GERDS or acid reflux must also be eliminated as the tissues become inflamed and subject to infection from the action of the acid on the cell structure.

Once established they are difficult to remove. Long-term bacterial infections become encapsulated in biofilms. A lung infection with tuburculosis, for example (mtb) never goes away. It only goes into remission.

Recurrent lung infections are initially due to a problem with the immune system and/or a bacteria that is not eradicated properly with an antibiotic. Either the antibiotic is the wrong one, not appropriate for the lung, or it has not been prescribed for a long enough period, and the strain becomes resistant to that antibiotic.

Rcent studies suggest that many asthmatics have encapsulated lung infections, that come and go, exacerbating breathing problems and asthma.

Use of prednisone or a steroid is controversial, although most physicians do so, and often simultaneously administer an antibiotic. The steroid depresses the immune system, which does not help to eradicate the bacteria.  A train being pulled at each end by an engine going in different directions. Tripple therapy is ocasionally used, involving three different antibiotics, although most physicians are very reluctant to do so.

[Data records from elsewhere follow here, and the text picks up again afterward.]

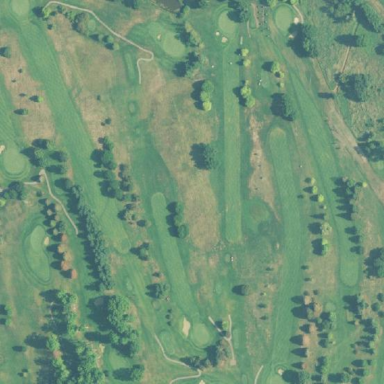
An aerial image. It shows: Golf course surrounded by greenery.
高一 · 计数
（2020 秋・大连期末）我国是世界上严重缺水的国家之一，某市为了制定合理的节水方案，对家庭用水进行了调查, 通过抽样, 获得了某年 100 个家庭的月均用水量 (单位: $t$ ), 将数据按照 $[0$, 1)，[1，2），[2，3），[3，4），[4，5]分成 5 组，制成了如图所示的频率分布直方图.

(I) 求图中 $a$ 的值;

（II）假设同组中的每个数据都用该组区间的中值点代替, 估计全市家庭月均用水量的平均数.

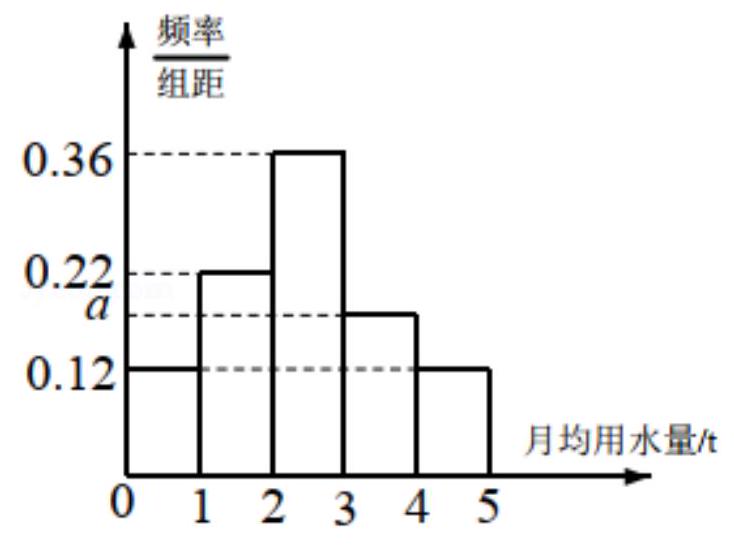
答案: 解: ( I ) 由频率和为 1 , 得 $a=1-0.12-0.22-0.36-0.12=0.18$.

（II）计算平均数为 $\bar{x}=0.5 \times 0.12+1.5 \times 0.22+2.5 \times 0.36+3.5 \times 0.18+4.5 \times 0.12=2.46(t)$,估计全市家庭月均用水量的平均数为 $2.46 t$.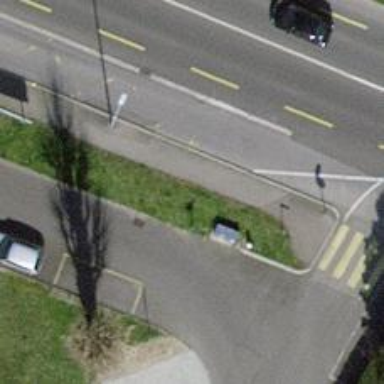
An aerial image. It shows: Asphalt sidewalk with sheltered public transport platform.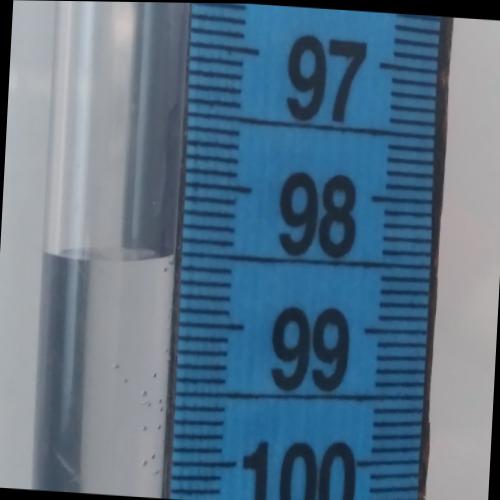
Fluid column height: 98.5 cm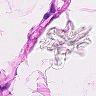
Metastatic tissue present: no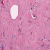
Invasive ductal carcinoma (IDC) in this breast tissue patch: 0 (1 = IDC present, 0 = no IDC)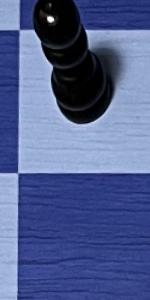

You cannot simply take a "sample" from mucus. A probe has to be introduced into the trachea after a medication has been administered to prevent gagging and down into the right mainstem broncus and into the alveoli while the infection is active, and yellow mucus is being produced, and then the bacteria cultured on a petri dish. This procedure is uncomfortable, but not painful, with insignificant mortality. Physicians in the United States are reluctant to do this, however it is the only way to positively identify the specific bacteria. This is the only way to deal with a recurrent bacterial infection.

Building up the immune system involves exposure to sunlight, vitamin D3 and at least 1000  mg of vitamin C a day.